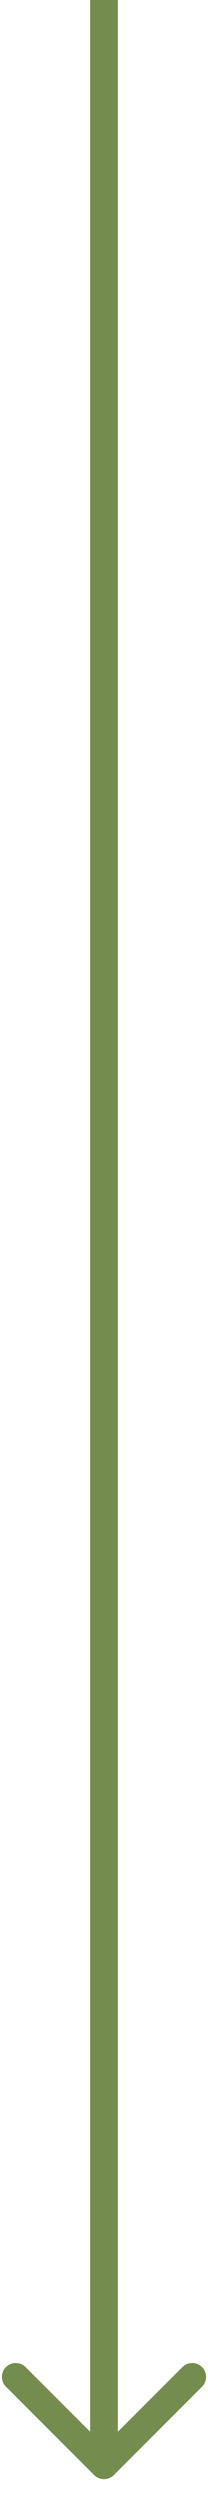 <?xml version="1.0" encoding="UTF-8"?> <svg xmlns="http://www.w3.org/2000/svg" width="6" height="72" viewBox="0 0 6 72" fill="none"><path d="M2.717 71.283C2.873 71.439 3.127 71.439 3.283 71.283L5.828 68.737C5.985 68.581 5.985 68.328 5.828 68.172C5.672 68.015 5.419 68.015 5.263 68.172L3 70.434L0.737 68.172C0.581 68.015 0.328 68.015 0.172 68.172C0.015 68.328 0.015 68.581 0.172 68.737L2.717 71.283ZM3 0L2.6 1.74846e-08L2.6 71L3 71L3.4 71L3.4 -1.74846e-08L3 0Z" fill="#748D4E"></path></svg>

---

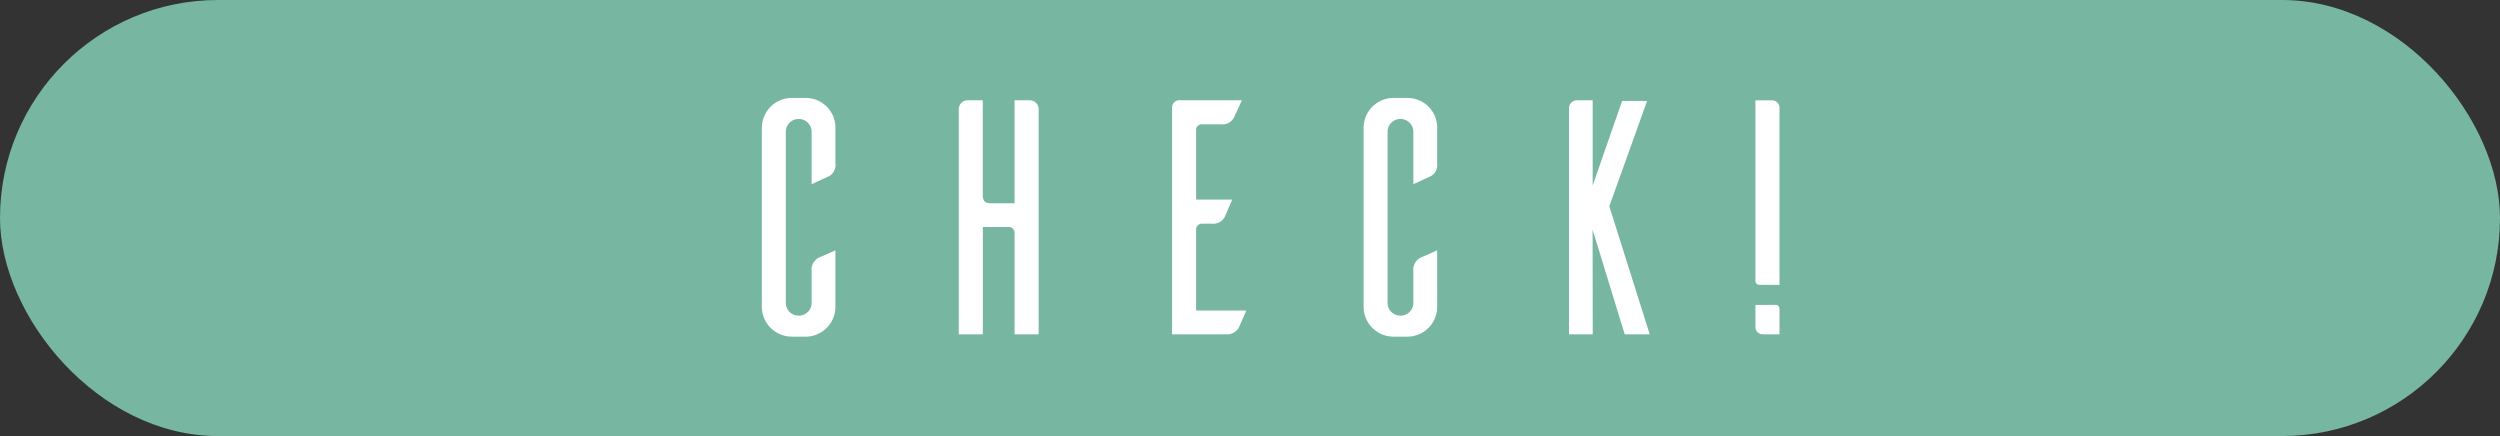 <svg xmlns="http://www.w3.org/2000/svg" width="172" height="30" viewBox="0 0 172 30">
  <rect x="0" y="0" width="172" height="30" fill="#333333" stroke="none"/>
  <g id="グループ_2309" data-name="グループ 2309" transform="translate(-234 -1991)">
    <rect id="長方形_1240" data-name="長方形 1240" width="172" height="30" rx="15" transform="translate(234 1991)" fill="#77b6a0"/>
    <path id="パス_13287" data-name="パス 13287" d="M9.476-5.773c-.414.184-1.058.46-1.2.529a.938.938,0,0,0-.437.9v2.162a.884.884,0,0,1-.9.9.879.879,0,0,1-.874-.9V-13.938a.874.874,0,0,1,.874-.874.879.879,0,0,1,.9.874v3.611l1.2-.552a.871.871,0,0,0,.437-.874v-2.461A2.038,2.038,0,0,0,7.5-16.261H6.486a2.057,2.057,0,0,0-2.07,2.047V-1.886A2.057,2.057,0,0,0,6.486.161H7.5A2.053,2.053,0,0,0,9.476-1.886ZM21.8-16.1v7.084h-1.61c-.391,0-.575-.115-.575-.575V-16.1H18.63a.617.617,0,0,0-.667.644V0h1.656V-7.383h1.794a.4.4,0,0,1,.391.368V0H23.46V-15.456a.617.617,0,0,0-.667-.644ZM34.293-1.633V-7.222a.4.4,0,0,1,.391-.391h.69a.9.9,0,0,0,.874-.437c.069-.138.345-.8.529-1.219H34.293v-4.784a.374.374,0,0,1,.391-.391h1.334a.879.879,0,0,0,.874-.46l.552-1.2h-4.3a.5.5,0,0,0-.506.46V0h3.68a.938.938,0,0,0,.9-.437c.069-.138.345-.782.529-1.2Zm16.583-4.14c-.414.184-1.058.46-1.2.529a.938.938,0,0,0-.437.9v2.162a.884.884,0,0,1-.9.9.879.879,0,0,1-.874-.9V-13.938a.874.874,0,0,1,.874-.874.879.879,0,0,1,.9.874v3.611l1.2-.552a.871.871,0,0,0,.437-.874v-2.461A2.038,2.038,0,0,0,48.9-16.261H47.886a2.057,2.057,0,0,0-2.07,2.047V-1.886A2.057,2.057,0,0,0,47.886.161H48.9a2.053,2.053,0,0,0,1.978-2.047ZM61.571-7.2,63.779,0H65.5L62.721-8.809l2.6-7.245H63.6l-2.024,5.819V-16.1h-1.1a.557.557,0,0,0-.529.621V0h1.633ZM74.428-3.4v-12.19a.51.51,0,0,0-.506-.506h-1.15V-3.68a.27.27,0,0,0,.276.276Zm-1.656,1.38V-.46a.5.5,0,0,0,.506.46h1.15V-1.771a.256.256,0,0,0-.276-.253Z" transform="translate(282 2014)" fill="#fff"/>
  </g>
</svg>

Task instructions - Go through the entries. Report every line that contains the word "rect".

Response -
  <rect x="0" y="0" width="172" height="30" fill="#333333" stroke="none"/>
    <rect id="長方形_1240" data-name="長方形 1240" width="172" height="30" rx="15" transform="translate(234 1991)" fill="#77b6a0"/>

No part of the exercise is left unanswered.